The Hidden Number Behind America’s Falling Unemployment Rate

Kevin Glass | September 1, 2013 

The unemployment rate has been going down over the last few months – slowly, yes, but surely – and the economy has appeared more resilient then predicted in the wake of sequestration going into effect. This may mask underlying problems in our economy that has made it appear better than it is. 

The Bureau of Labor Statistics keeps statistics on the labor force participation rate, the ratio of the total workforce to total employment-age Americans. Since the economic crisis, the participation rate has dropped from 66.4% to 63.4%.   

As Emily Hulsey at the IJ Review writes: 

The New York Times reported that the shift could, more specifically, be due to “the rise in the number of workers on disability.” Today, a record 8.7 million Americans receive disability benefits – that more than the population of New York City. However, the most disturbing aspect, as well as the most volatile variable, of this is the unprecedented number of young adults who are giving up on work and signing up for government assistance. 

Surprisingly, this news is not due to the lack of jobs; rather, both Baby Boomers and Millennials are experiencing a skills gap. That is, the skills that employers demand do not match the skills that today’s unemployed possess. For example, in their job searches, many college graduates are encountering entry-level jobs that require only a high school diploma. A large number of Baby Boomers cannot find jobs in their respective fields, and employers consider them too close to retirement to invest in much training and education. 

The drop in the labor force is being driven by more than demographic shifts. There are deeper problems at work in the economy.

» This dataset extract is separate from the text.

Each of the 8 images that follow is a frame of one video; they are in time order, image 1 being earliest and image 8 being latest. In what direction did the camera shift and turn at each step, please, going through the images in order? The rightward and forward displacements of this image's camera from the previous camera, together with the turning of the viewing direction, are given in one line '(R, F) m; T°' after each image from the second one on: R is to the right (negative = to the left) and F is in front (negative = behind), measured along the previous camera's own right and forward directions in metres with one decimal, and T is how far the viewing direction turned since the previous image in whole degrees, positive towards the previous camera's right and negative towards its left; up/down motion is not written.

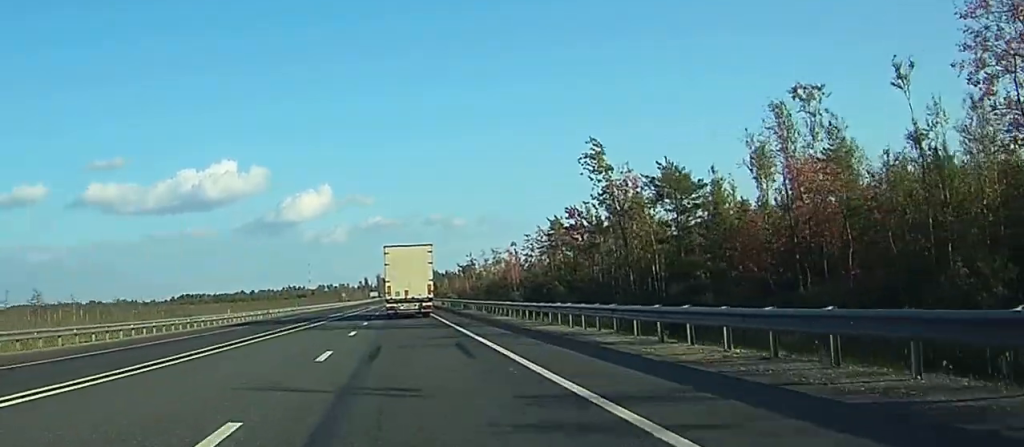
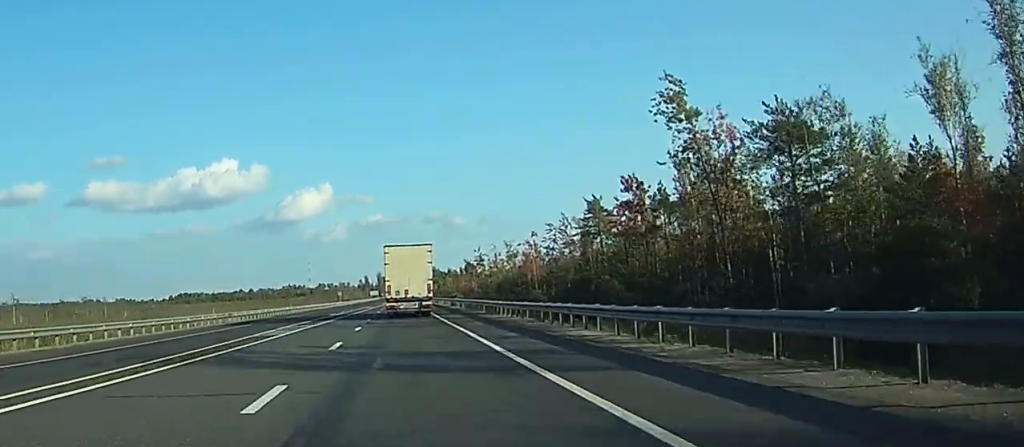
(0.0, +19.9) m; 0°
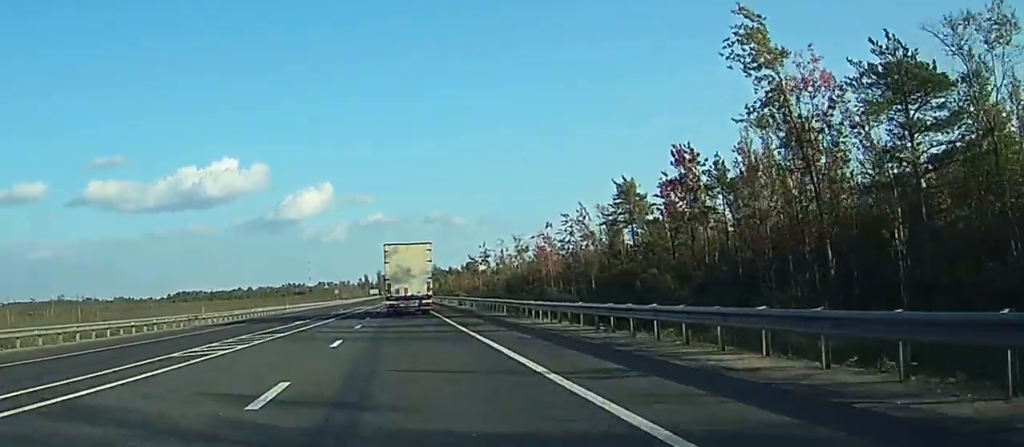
(0.0, +11.4) m; 0°
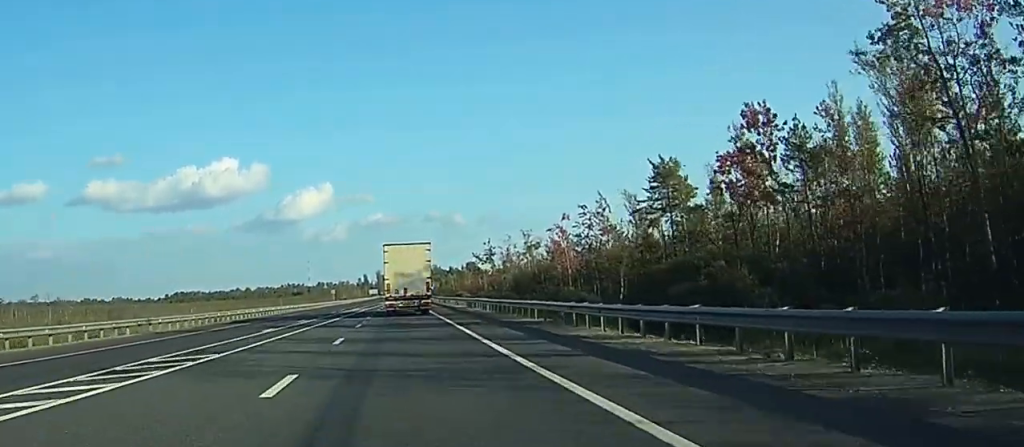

It’s more than just a structural skills mismatch, though.

A record number of Americans have claimed federal disability payments. It’s not necessarily because of fraud – a study found that fraudulence isn’t particularly correlated with the business cycle – but that a struggling economy causes some people who might be otherwise employable to file for disability. There are two troubling aspects here: the federal disability program is expensive, and once a worker goes on disability, they’re unlikely to re-enter the workforce. The Wall Street Journal explains: 

Federal disability rules allow workers to get benefits only if they have an “impairment” that prevents them from working. But Mr. Rothstein notes that the ability to work isn’t necessarily independent of the labor market. 

A construction worker who hurts his back, for example, might be able to get a desk job during good economic times; when unemployment is high, however, making such a career switch could be much harder. Moreover, companies are much more likely to make accommodations for existing workers who become disabled than to hire a disabled worker — so a person with a disability who loses a job might well struggle to find a new one. 

Mr. Rothstein says his findings suggest that “really what’s going on is that there are people who are disabled who may in good markets be able to get jobs but in difficult market can’t.” 

Just because people aren’t cheating the system doesn’t mean the rise in the disability rolls isn’t a concern. Economic research has found that the disability system is mostly a one-way street: Once people start receiving benefits, they rarely go back to work. 

So while the economy has looked resilient this summer, it’s not the case that there’s nothing to worry about or that a skyrocketing recovery is right around the corner. There are long-term factors at play here – some of them structural – that mean we are a very long way away from full employment.